Friday, December 22, 2006

A year in Discopop

:: Everyone was talking about the Arctic Monkeys and how they used the intertron to become famous. This very quickly became a pattern for mediocre bands who wanted a bit of press coverage.
:: A picture of Mariah Carey looking fat started doing the rounds. It was fake, but that didn't stop people sending it to me every sodding week for the next six months.
:: Promo copies of Nelly Furtado's new material came out, including an unfinished version of Maneater. Nothing else came close all year.

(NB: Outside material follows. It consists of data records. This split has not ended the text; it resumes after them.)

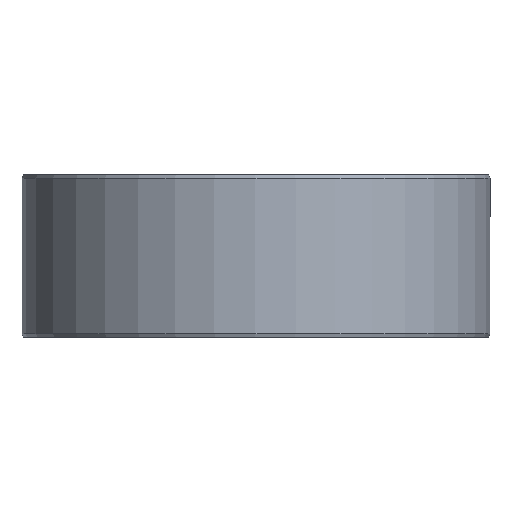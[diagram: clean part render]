
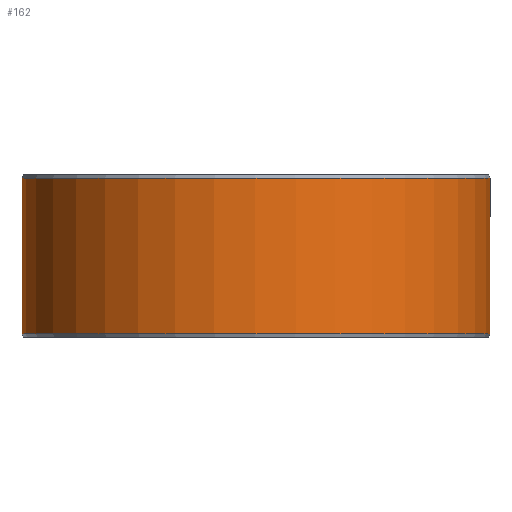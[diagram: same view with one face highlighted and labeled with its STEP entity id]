
A CAD part, front view. The second image highlights one B-rep face of the part: STEP entity #162.
In plain terms, the highlighted cylindrical face has radius 130 mm (diameter 260 mm), a partial arc.
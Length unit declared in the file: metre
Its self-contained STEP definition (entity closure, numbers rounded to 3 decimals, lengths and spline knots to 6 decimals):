
#162=ADVANCED_FACE('',(#185,#186),#187,.T.);
#185=FACE_OUTER_BOUND('',#211,.T.);
#186=FACE_BOUND('',#212,.T.);
#187=CYLINDRICAL_SURFACE('',#213,0.13);
#211=EDGE_LOOP('',(#289,#290,#291,#292));
#212=EDGE_LOOP('',(#293));
#213=AXIS2_PLACEMENT_3D('',#294,#295,#296);
#289=ORIENTED_EDGE('',*,*,#314,.T.);
#290=ORIENTED_EDGE('',*,*,#323,.F.);
#291=ORIENTED_EDGE('',*,*,#309,.F.);
#292=ORIENTED_EDGE('',*,*,#324,.T.);
#293=ORIENTED_EDGE('',*,*,#327,.T.);
#294=CARTESIAN_POINT('',(0.,0.,0.0));
#295=DIRECTION('',(0.,0.0,-1.0));
#296=DIRECTION('',(-1.0,0.0,0.));
#309=EDGE_CURVE('',#341,#342,#343,.T.);
#314=EDGE_CURVE('',#351,#349,#352,.T.);
#323=EDGE_CURVE('',#342,#349,#365,.T.);
#324=EDGE_CURVE('',#341,#351,#366,.T.);
#327=EDGE_CURVE('',#370,#370,#371,.T.);
#341=VERTEX_POINT('',#389);
#342=VERTEX_POINT('',#390);
#343=CIRCLE('',#391,0.13);
#349=VERTEX_POINT('',#399);
#351=VERTEX_POINT('',#402);
#352=CIRCLE('',#403,0.13);
#365=LINE('',#422,#423);
#366=LINE('',#424,#425);
#370=VERTEX_POINT('',#503);
#371=B_SPLINE_CURVE_WITH_KNOTS('',3,(#504,#505,#506,#507,#508,#509,#510,#511,#512,#513,#514,#515,#516,#517,#518,#519,#520,#521,#522,#523,#524,#525,#526,#527,#528,#529,#530,#531,#532,#533,#534,#535,#536,#537,#538,#539,#540,#541,#542,#543,#544,#545,#546,#547,#548,#549,#550,#551,#552,#553,#554,#555,#556,#557,#558,#559,#560,#561,#562,#563,#564,#565,#566,#567,#568,#569,#570,#571,#572,#573,#574,#575,#576,#577),.UNSPECIFIED.,.T.,.F.,(2,2,2,2,2,2,2,2,2,2,2,2,2,2,2,2,2,2,2,2,2,2,2,2,2,2,2,2,2,2,2,2,2,2,2,2,2,2,2),(-0.000977,0.0,0.000977,0.001465,0.001954,0.002931,0.003908,0.004885,0.005862,0.006839,0.007816,0.008793,0.00977,0.010747,0.011724,0.012701,0.013189,0.013678,0.014655,0.015632,0.016609,0.017586,0.018563,0.01954,0.020517,0.021494,0.022471,0.023448,0.024425,0.024913,0.025402,0.026379,0.027356,0.028333,0.028821,0.02931,0.030287,0.031264,0.032241),.UNSPECIFIED.);
#389=CARTESIAN_POINT('',(0.002269,0.12998,0.0018));
#390=CARTESIAN_POINT('',(0.,0.13,0.0018));
#391=AXIS2_PLACEMENT_3D('',#591,#592,#593);
#399=CARTESIAN_POINT('',(0.,0.13,0.0882));
#402=CARTESIAN_POINT('',(0.002269,0.12998,0.0882));
#403=AXIS2_PLACEMENT_3D('',#600,#601,#602);
#422=CARTESIAN_POINT('',(0.,0.13,0.0018));
#423=VECTOR('',#615,1.0);
#424=CARTESIAN_POINT('',(0.002269,0.12998,0.0018));
#425=VECTOR('',#616,1.0);
#503=CARTESIAN_POINT('',(0.108774,-0.071191,0.045));
#504=CARTESIAN_POINT('',(0.108774,-0.071191,0.04467));
#505=CARTESIAN_POINT('',(0.108774,-0.071191,0.04533));
#506=CARTESIAN_POINT('',(0.108792,-0.071164,0.045655));
#507=CARTESIAN_POINT('',(0.108844,-0.071084,0.046134));
#508=CARTESIAN_POINT('',(0.108866,-0.071051,0.046293));
#509=CARTESIAN_POINT('',(0.108918,-0.070971,0.046607));
#510=CARTESIAN_POINT('',(0.108948,-0.070925,0.046763));
#511=CARTESIAN_POINT('',(0.109051,-0.070767,0.047217));
#512=CARTESIAN_POINT('',(0.109135,-0.070638,0.047504));
#513=CARTESIAN_POINT('',(0.109331,-0.070333,0.048048));
#514=CARTESIAN_POINT('',(0.109446,-0.070155,0.048305));
#515=CARTESIAN_POINT('',(0.109694,-0.069766,0.048766));
#516=CARTESIAN_POINT('',(0.109829,-0.069553,0.048973));
#517=CARTESIAN_POINT('',(0.11012,-0.069091,0.049339));
#518=CARTESIAN_POINT('',(0.110275,-0.068844,0.049494));
#519=CARTESIAN_POINT('',(0.110592,-0.068333,0.049744));
#520=CARTESIAN_POINT('',(0.110758,-0.068065,0.04984));
#521=CARTESIAN_POINT('',(0.111094,-0.067514,0.049968));
#522=CARTESIAN_POINT('',(0.111262,-0.067237,0.05));
#523=CARTESIAN_POINT('',(0.111598,-0.066678,0.05));
#524=CARTESIAN_POINT('',(0.111768,-0.066393,0.049968));
#525=CARTESIAN_POINT('',(0.112094,-0.065841,0.04984));
#526=CARTESIAN_POINT('',(0.112252,-0.065572,0.049746));
#527=CARTESIAN_POINT('',(0.112556,-0.065048,0.049496));
#528=CARTESIAN_POINT('',(0.112702,-0.064795,0.049339));
#529=CARTESIAN_POINT('',(0.112971,-0.064324,0.048977));
#530=CARTESIAN_POINT('',(0.113096,-0.064105,0.048771));
#531=CARTESIAN_POINT('',(0.113325,-0.063698,0.048304));
#532=CARTESIAN_POINT('',(0.113427,-0.063517,0.048051));
#533=CARTESIAN_POINT('',(0.113559,-0.06328,0.047645));
#534=CARTESIAN_POINT('',(0.1136,-0.063206,0.047505));
#535=CARTESIAN_POINT('',(0.113675,-0.063071,0.047216));
#536=CARTESIAN_POINT('',(0.11371,-0.063008,0.047066));
#537=CARTESIAN_POINT('',(0.113801,-0.062844,0.046612));
#538=CARTESIAN_POINT('',(0.113847,-0.062761,0.0463));
#539=CARTESIAN_POINT('',(0.113909,-0.062648,0.045659));
#540=CARTESIAN_POINT('',(0.113924,-0.06262,0.045328));
#541=CARTESIAN_POINT('',(0.113925,-0.062619,0.044675));
#542=CARTESIAN_POINT('',(0.113909,-0.062647,0.044351));
#543=CARTESIAN_POINT('',(0.113848,-0.062759,0.043707));
#544=CARTESIAN_POINT('',(0.113801,-0.062843,0.04339));
#545=CARTESIAN_POINT('',(0.113681,-0.063061,0.042789));
#546=CARTESIAN_POINT('',(0.113606,-0.063196,0.042498));
#547=CARTESIAN_POINT('',(0.113428,-0.063515,0.041951));
#548=CARTESIAN_POINT('',(0.113326,-0.063696,0.041699));
#549=CARTESIAN_POINT('',(0.1131,-0.064097,0.041237));
#550=CARTESIAN_POINT('',(0.112973,-0.064321,0.041026));
#551=CARTESIAN_POINT('',(0.112703,-0.064793,0.040662));
#552=CARTESIAN_POINT('',(0.11256,-0.065041,0.040508));
#553=CARTESIAN_POINT('',(0.112256,-0.065564,0.040257));
#554=CARTESIAN_POINT('',(0.112095,-0.065839,0.040161));
#555=CARTESIAN_POINT('',(0.11177,-0.066389,0.040033));
#556=CARTESIAN_POINT('',(0.111604,-0.066668,0.04));
#557=CARTESIAN_POINT('',(0.111265,-0.067233,0.04));
#558=CARTESIAN_POINT('',(0.111095,-0.067512,0.040032));
#559=CARTESIAN_POINT('',(0.110846,-0.067921,0.040127));
#560=CARTESIAN_POINT('',(0.110763,-0.068056,0.040166));
#561=CARTESIAN_POINT('',(0.110598,-0.068323,0.040261));
#562=CARTESIAN_POINT('',(0.110516,-0.068456,0.040317));
#563=CARTESIAN_POINT('',(0.110276,-0.068843,0.040505));
#564=CARTESIAN_POINT('',(0.110123,-0.069086,0.040658));
#565=CARTESIAN_POINT('',(0.109834,-0.069546,0.04102));
#566=CARTESIAN_POINT('',(0.109695,-0.069764,0.041231));
#567=CARTESIAN_POINT('',(0.109447,-0.070153,0.041692));
#568=CARTESIAN_POINT('',(0.109335,-0.070327,0.041944));
#569=CARTESIAN_POINT('',(0.109186,-0.070558,0.042353));
#570=CARTESIAN_POINT('',(0.10914,-0.07063,0.042495));
#571=CARTESIAN_POINT('',(0.109056,-0.070759,0.042784));
#572=CARTESIAN_POINT('',(0.109017,-0.070818,0.042931));
#573=CARTESIAN_POINT('',(0.108915,-0.070975,0.043382));
#574=CARTESIAN_POINT('',(0.108863,-0.071056,0.043696));
#575=CARTESIAN_POINT('',(0.108792,-0.071164,0.044343));
#576=CARTESIAN_POINT('',(0.108774,-0.071191,0.04467));
#577=CARTESIAN_POINT('',(0.108774,-0.071191,0.04533));
#591=CARTESIAN_POINT('',(0.,0.,0.0018));
#592=DIRECTION('',(0.,0.0,-1.0));
#593=DIRECTION('',(-1.0,0.0,0.));
#600=CARTESIAN_POINT('',(0.,0.,0.0882));
#601=DIRECTION('',(0.,0.0,-1.0));
#602=DIRECTION('',(-1.0,0.0,0.));
#615=DIRECTION('',(0.,0.0,1.0));
#616=DIRECTION('',(0.,0.,1.0));

:: Lots of people got excited about Betty Boo's comeback single, Wigwam. And then they heard it.
::Prince performed at the Brits. In a year where the Kaiser Chiefs and James Blunt dominated the awards, he was seemingly there just to point out how shit they were.
:: Coldplay announced they were "taking a break" and, God bless them, kept their word.
:: Smash Hits closed. Sniff.

:: Michael Jackson was forced to close Neverland after it turned out he wasn't Peter Pan, but a creepy old perv.
:: Regina Spektor sorted herself out and released some proper pop songs, without all the random yelps and warbling that besmirched her previous records. The album, Begin To Hope, was the best one we heard all year. She also did a tour, which we missed. :(

:: Nintendo changed the name of their new games console from Revolution to Wii. How we laughed.
:: Take That done a tour and everyone wet their knickers.
:: Simon and Miquita quit Popworld, leaving two talentless shitbags to mug and preen their way through the show formerly known as 'brilliant'.
:: The Cardigans were ace. And so were The Sugababes v3.0

:: We saw a French lady called Camille on the TV and liked her a lot. Even though she wrote on her face with eyeliner.
:: Girls Aloud brought an asthma roadie on tour, along with some excellent songs and ropey costumes. We did a review.
:: The BBC's Storyfix team used some Discopop music on their podcast, and lots of people turned up to download it (from here). They never came back, though. Ungrateful bastards.
:: Janet Jackson released an internet-only exclusive song as a precursor to her rubbish new album. Precisely two people gave a shit. Another three gave a rat's ass.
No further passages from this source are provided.